Extracted records ▸

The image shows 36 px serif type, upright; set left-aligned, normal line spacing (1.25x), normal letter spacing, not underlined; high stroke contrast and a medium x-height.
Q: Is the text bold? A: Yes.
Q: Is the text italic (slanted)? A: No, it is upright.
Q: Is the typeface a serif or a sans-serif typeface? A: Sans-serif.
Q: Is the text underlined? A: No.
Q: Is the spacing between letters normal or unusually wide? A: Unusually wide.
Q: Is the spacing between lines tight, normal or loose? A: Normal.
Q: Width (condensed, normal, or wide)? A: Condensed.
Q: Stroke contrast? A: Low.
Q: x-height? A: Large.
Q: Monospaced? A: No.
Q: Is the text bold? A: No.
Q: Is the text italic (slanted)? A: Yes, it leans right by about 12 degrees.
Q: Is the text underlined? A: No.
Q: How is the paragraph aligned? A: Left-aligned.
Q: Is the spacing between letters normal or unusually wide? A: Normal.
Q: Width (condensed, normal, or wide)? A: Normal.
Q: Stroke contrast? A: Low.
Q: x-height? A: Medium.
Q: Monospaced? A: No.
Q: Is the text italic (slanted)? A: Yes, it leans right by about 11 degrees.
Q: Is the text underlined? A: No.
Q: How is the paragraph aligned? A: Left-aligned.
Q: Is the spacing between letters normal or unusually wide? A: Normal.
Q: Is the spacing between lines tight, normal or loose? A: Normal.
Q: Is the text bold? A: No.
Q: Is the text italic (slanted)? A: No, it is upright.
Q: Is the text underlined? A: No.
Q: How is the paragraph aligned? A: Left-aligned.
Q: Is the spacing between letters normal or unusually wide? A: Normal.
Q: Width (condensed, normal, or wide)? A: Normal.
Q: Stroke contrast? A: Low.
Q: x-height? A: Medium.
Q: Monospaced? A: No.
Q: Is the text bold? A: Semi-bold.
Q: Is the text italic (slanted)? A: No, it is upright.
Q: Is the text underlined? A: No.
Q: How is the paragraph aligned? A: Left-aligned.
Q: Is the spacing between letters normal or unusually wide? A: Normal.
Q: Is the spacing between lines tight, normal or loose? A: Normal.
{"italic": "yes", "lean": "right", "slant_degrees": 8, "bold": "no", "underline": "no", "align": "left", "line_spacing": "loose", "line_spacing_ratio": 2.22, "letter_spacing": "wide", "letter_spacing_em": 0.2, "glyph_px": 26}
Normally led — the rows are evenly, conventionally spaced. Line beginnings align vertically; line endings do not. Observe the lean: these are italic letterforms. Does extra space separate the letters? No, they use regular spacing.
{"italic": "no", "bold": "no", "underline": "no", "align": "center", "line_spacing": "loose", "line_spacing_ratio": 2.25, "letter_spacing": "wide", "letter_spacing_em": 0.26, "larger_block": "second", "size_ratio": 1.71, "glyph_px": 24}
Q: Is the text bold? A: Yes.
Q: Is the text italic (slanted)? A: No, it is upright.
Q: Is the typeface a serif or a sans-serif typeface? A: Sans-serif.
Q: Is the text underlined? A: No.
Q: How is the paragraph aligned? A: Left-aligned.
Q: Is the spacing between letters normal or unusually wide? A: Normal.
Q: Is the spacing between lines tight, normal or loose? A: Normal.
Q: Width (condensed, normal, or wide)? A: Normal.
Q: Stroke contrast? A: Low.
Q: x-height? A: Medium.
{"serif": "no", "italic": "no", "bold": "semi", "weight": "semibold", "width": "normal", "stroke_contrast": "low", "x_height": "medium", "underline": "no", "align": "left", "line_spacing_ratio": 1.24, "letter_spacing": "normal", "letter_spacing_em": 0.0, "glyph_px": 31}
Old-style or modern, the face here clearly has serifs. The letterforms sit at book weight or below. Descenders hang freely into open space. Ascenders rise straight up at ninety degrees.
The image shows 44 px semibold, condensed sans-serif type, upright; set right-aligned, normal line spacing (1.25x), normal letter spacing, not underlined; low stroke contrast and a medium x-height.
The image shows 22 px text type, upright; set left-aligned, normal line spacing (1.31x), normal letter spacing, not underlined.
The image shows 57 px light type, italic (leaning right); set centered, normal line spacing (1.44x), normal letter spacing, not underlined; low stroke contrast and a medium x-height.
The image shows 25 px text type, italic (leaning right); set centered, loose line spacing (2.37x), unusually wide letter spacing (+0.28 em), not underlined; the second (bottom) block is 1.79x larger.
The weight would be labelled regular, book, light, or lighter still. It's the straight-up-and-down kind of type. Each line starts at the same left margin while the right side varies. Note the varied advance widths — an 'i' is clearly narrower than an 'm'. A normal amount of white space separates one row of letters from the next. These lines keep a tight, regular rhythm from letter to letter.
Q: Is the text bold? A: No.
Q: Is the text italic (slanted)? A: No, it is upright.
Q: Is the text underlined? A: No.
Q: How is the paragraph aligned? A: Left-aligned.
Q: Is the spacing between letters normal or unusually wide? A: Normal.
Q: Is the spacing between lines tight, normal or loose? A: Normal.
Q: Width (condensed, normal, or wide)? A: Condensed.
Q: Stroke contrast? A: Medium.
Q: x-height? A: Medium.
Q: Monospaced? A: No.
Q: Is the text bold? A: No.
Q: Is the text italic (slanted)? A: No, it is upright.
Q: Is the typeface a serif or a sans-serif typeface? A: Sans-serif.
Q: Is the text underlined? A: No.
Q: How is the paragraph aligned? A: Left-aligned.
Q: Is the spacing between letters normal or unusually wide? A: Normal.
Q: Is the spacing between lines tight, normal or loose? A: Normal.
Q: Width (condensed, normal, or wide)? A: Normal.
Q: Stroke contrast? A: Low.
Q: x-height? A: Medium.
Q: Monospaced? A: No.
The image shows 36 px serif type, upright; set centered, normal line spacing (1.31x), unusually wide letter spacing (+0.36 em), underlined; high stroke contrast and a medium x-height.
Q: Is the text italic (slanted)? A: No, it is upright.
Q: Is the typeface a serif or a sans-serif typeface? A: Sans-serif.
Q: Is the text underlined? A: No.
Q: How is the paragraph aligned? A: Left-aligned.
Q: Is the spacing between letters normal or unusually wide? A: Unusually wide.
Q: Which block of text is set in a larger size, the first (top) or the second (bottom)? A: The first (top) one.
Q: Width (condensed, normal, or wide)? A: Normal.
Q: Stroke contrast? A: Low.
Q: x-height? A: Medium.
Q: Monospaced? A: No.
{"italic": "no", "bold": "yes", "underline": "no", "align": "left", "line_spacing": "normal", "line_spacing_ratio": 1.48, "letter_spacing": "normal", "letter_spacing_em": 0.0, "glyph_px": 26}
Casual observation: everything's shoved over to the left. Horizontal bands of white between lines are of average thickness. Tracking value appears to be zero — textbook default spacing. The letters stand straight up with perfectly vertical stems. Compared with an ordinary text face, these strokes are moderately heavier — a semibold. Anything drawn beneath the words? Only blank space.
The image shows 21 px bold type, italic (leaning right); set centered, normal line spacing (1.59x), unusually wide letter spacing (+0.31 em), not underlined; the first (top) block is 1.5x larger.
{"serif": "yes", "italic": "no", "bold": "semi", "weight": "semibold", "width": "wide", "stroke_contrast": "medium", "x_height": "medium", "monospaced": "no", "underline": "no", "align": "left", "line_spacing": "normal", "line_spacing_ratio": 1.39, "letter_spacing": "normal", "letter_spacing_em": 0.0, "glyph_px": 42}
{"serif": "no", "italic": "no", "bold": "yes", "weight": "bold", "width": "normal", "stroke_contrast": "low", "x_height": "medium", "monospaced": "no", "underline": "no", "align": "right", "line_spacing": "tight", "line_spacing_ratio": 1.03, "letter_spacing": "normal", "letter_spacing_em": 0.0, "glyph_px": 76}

TASK ITEM ▸
Copy out every record above exactly as written.

SOLUTION TO THIS PROBLEM ▸
The image shows 36 px serif type, upright; set left-aligned, normal line spacing (1.25x), normal letter spacing, not underlined; high stroke contrast and a medium x-height.
Q: Is the text bold? A: Yes.
Q: Is the text italic (slanted)? A: No, it is upright.
Q: Is the typeface a serif or a sans-serif typeface? A: Sans-serif.
Q: Is the text underlined? A: No.
Q: Is the spacing between letters normal or unusually wide? A: Unusually wide.
Q: Is the spacing between lines tight, normal or loose? A: Normal.
Q: Width (condensed, normal, or wide)? A: Condensed.
Q: Stroke contrast? A: Low.
Q: x-height? A: Large.
Q: Monospaced? A: No.
Q: Is the text bold? A: No.
Q: Is the text italic (slanted)? A: Yes, it leans right by about 12 degrees.
Q: Is the text underlined? A: No.
Q: How is the paragraph aligned? A: Left-aligned.
Q: Is the spacing between letters normal or unusually wide? A: Normal.
Q: Width (condensed, normal, or wide)? A: Normal.
Q: Stroke contrast? A: Low.
Q: x-height? A: Medium.
Q: Monospaced? A: No.
Q: Is the text italic (slanted)? A: Yes, it leans right by about 11 degrees.
Q: Is the text underlined? A: No.
Q: How is the paragraph aligned? A: Left-aligned.
Q: Is the spacing between letters normal or unusually wide? A: Normal.
Q: Is the spacing between lines tight, normal or loose? A: Normal.
Q: Is the text bold? A: No.
Q: Is the text italic (slanted)? A: No, it is upright.
Q: Is the text underlined? A: No.
Q: How is the paragraph aligned? A: Left-aligned.
Q: Is the spacing between letters normal or unusually wide? A: Normal.
Q: Width (condensed, normal, or wide)? A: Normal.
Q: Stroke contrast? A: Low.
Q: x-height? A: Medium.
Q: Monospaced? A: No.
Q: Is the text bold? A: Semi-bold.
Q: Is the text italic (slanted)? A: No, it is upright.
Q: Is the text underlined? A: No.
Q: How is the paragraph aligned? A: Left-aligned.
Q: Is the spacing between letters normal or unusually wide? A: Normal.
Q: Is the spacing between lines tight, normal or loose? A: Normal.
{"italic": "yes", "lean": "right", "slant_degrees": 8, "bold": "no", "underline": "no", "align": "left", "line_spacing": "loose", "line_spacing_ratio": 2.22, "letter_spacing": "wide", "letter_spacing_em": 0.2, "glyph_px": 26}
Normally led — the rows are evenly, conventionally spaced. Line beginnings align vertically; line endings do not. Observe the lean: these are italic letterforms. Does extra space separate the letters? No, they use regular spacing.
{"italic": "no", "bold": "no", "underline": "no", "align": "center", "line_spacing": "loose", "line_spacing_ratio": 2.25, "letter_spacing": "wide", "letter_spacing_em": 0.26, "larger_block": "second", "size_ratio": 1.71, "glyph_px": 24}
Q: Is the text bold? A: Yes.
Q: Is the text italic (slanted)? A: No, it is upright.
Q: Is the typeface a serif or a sans-serif typeface? A: Sans-serif.
Q: Is the text underlined? A: No.
Q: How is the paragraph aligned? A: Left-aligned.
Q: Is the spacing between letters normal or unusually wide? A: Normal.
Q: Is the spacing between lines tight, normal or loose? A: Normal.
Q: Width (condensed, normal, or wide)? A: Normal.
Q: Stroke contrast? A: Low.
Q: x-height? A: Medium.
{"serif": "no", "italic": "no", "bold": "semi", "weight": "semibold", "width": "normal", "stroke_contrast": "low", "x_height": "medium", "underline": "no", "align": "left", "line_spacing_ratio": 1.24, "letter_spacing": "normal", "letter_spacing_em": 0.0, "glyph_px": 31}
Old-style or modern, the face here clearly has serifs. The letterforms sit at book weight or below. Descenders hang freely into open space. Ascenders rise straight up at ninety degrees.
The image shows 44 px semibold, condensed sans-serif type, upright; set right-aligned, normal line spacing (1.25x), normal letter spacing, not underlined; low stroke contrast and a medium x-height.
The image shows 22 px text type, upright; set left-aligned, normal line spacing (1.31x), normal letter spacing, not underlined.
The image shows 57 px light type, italic (leaning right); set centered, normal line spacing (1.44x), normal letter spacing, not underlined; low stroke contrast and a medium x-height.
The image shows 25 px text type, italic (leaning right); set centered, loose line spacing (2.37x), unusually wide letter spacing (+0.28 em), not underlined; the second (bottom) block is 1.79x larger.
The weight would be labelled regular, book, light, or lighter still. It's the straight-up-and-down kind of type. Each line starts at the same left margin while the right side varies. Note the varied advance widths — an 'i' is clearly narrower than an 'm'. A normal amount of white space separates one row of letters from the next. These lines keep a tight, regular rhythm from letter to letter.
Q: Is the text bold? A: No.
Q: Is the text italic (slanted)? A: No, it is upright.
Q: Is the text underlined? A: No.
Q: How is the paragraph aligned? A: Left-aligned.
Q: Is the spacing between letters normal or unusually wide? A: Normal.
Q: Is the spacing between lines tight, normal or loose? A: Normal.
Q: Width (condensed, normal, or wide)? A: Condensed.
Q: Stroke contrast? A: Medium.
Q: x-height? A: Medium.
Q: Monospaced? A: No.
Q: Is the text bold? A: No.
Q: Is the text italic (slanted)? A: No, it is upright.
Q: Is the typeface a serif or a sans-serif typeface? A: Sans-serif.
Q: Is the text underlined? A: No.
Q: How is the paragraph aligned? A: Left-aligned.
Q: Is the spacing between letters normal or unusually wide? A: Normal.
Q: Is the spacing between lines tight, normal or loose? A: Normal.
Q: Width (condensed, normal, or wide)? A: Normal.
Q: Stroke contrast? A: Low.
Q: x-height? A: Medium.
Q: Monospaced? A: No.
The image shows 36 px serif type, upright; set centered, normal line spacing (1.31x), unusually wide letter spacing (+0.36 em), underlined; high stroke contrast and a medium x-height.
Q: Is the text italic (slanted)? A: No, it is upright.
Q: Is the typeface a serif or a sans-serif typeface? A: Sans-serif.
Q: Is the text underlined? A: No.
Q: How is the paragraph aligned? A: Left-aligned.
Q: Is the spacing between letters normal or unusually wide? A: Unusually wide.
Q: Which block of text is set in a larger size, the first (top) or the second (bottom)? A: The first (top) one.
Q: Width (condensed, normal, or wide)? A: Normal.
Q: Stroke contrast? A: Low.
Q: x-height? A: Medium.
Q: Monospaced? A: No.
{"italic": "no", "bold": "yes", "underline": "no", "align": "left", "line_spacing": "normal", "line_spacing_ratio": 1.48, "letter_spacing": "normal", "letter_spacing_em": 0.0, "glyph_px": 26}
Casual observation: everything's shoved over to the left. Horizontal bands of white between lines are of average thickness. Tracking value appears to be zero — textbook default spacing. The letters stand straight up with perfectly vertical stems. Compared with an ordinary text face, these strokes are moderately heavier — a semibold. Anything drawn beneath the words? Only blank space.
The image shows 21 px bold type, italic (leaning right); set centered, normal line spacing (1.59x), unusually wide letter spacing (+0.31 em), not underlined; the first (top) block is 1.5x larger.
{"serif": "yes", "italic": "no", "bold": "semi", "weight": "semibold", "width": "wide", "stroke_contrast": "medium", "x_height": "medium", "monospaced": "no", "underline": "no", "align": "left", "line_spacing": "normal", "line_spacing_ratio": 1.39, "letter_spacing": "normal", "letter_spacing_em": 0.0, "glyph_px": 42}
{"serif": "no", "italic": "no", "bold": "yes", "weight": "bold", "width": "normal", "stroke_contrast": "low", "x_height": "medium", "monospaced": "no", "underline": "no", "align": "right", "line_spacing": "tight", "line_spacing_ratio": 1.03, "letter_spacing": "normal", "letter_spacing_em": 0.0, "glyph_px": 76}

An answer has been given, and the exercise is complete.